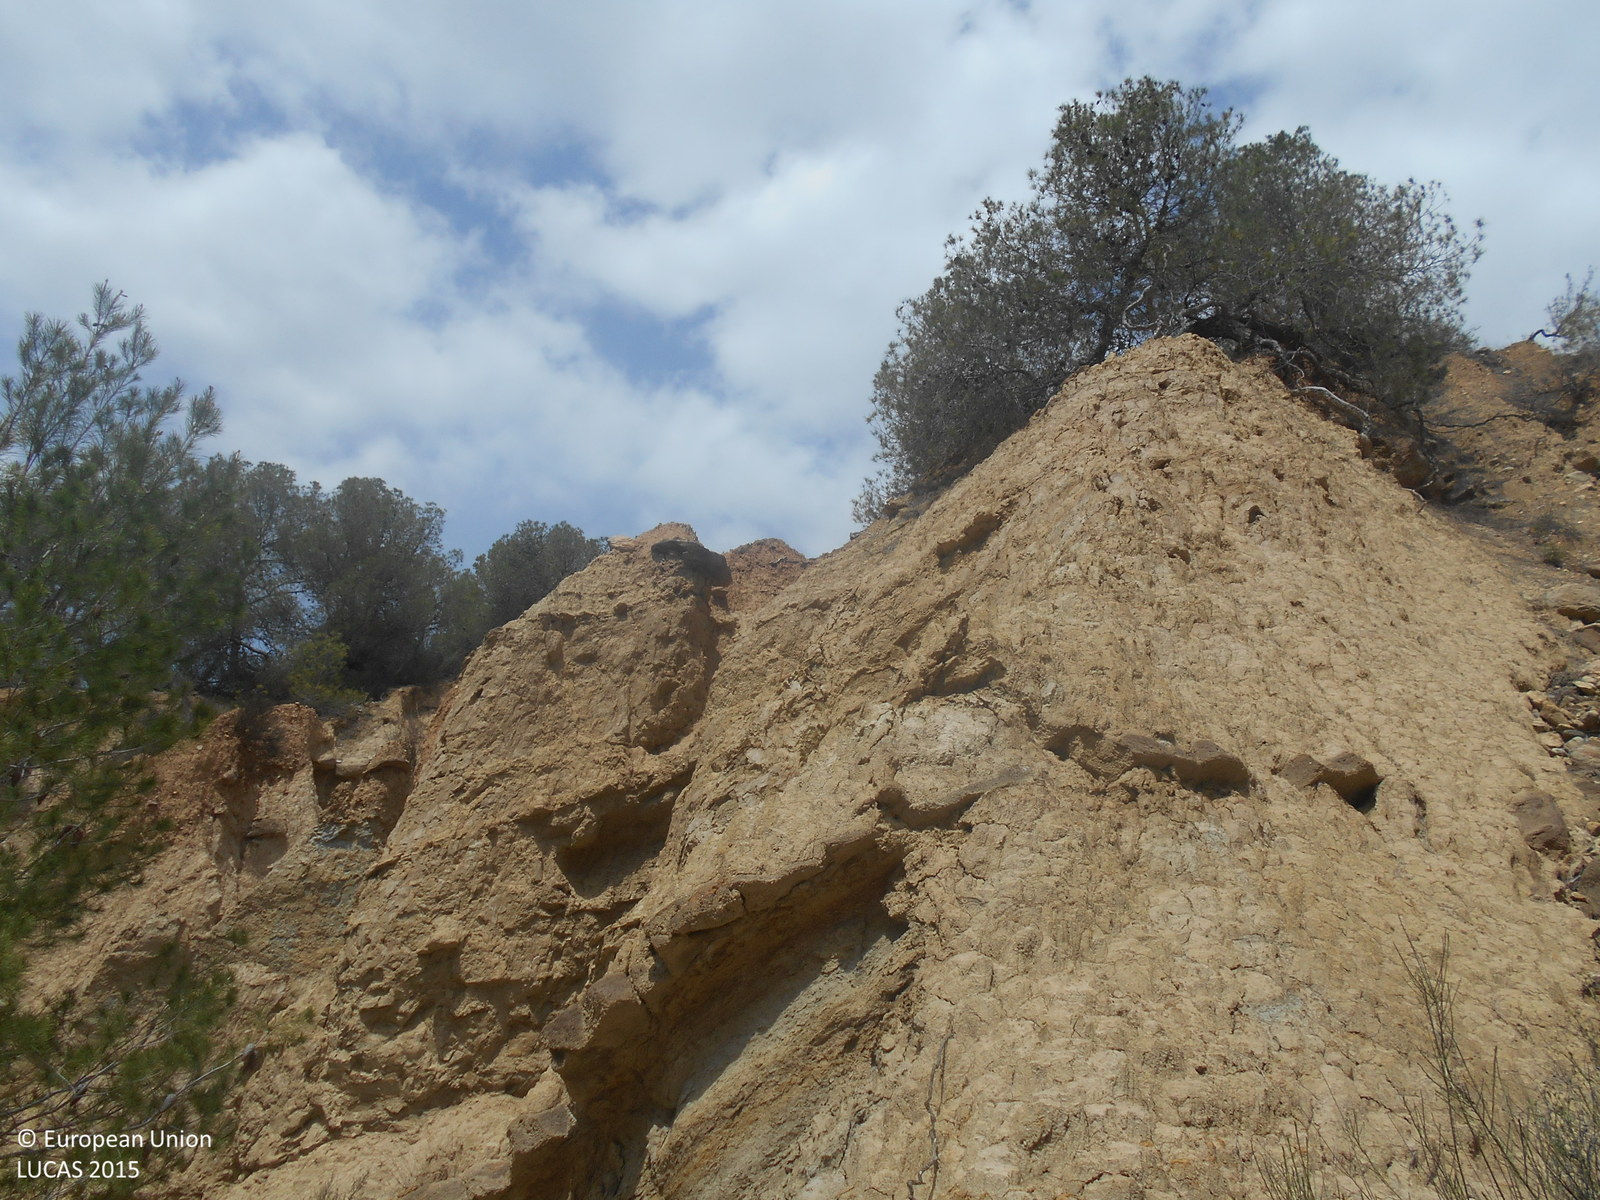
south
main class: Woodland
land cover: Pine dominated coniferous woodland
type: coniferous forest of the mediterranean region
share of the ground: 10 - 25 %
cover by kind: unconsolidated bare surface 40 %, shrubs 30 %, coniferous forest trees 20 %, consolidated bare surface 10 %
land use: Semi-natural and natural areas not in use
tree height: > 5 m
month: April
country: ES
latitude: 37.6503
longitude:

What you will do -> Your answer should be every entry repeated exactly, minus the pictures.

Solution to the problem ->
south
main class: Woodland
land cover: Pine dominated coniferous woodland
type: coniferous forest of the mediterranean region
share of the ground: 10 - 25 %
cover by kind: unconsolidated bare surface 40 %, shrubs 30 %, coniferous forest trees 20 %, consolidated bare surface 10 %
land use: Semi-natural and natural areas not in use
tree height: > 5 m
month: April
country: ES
latitude: 37.6503
longitude:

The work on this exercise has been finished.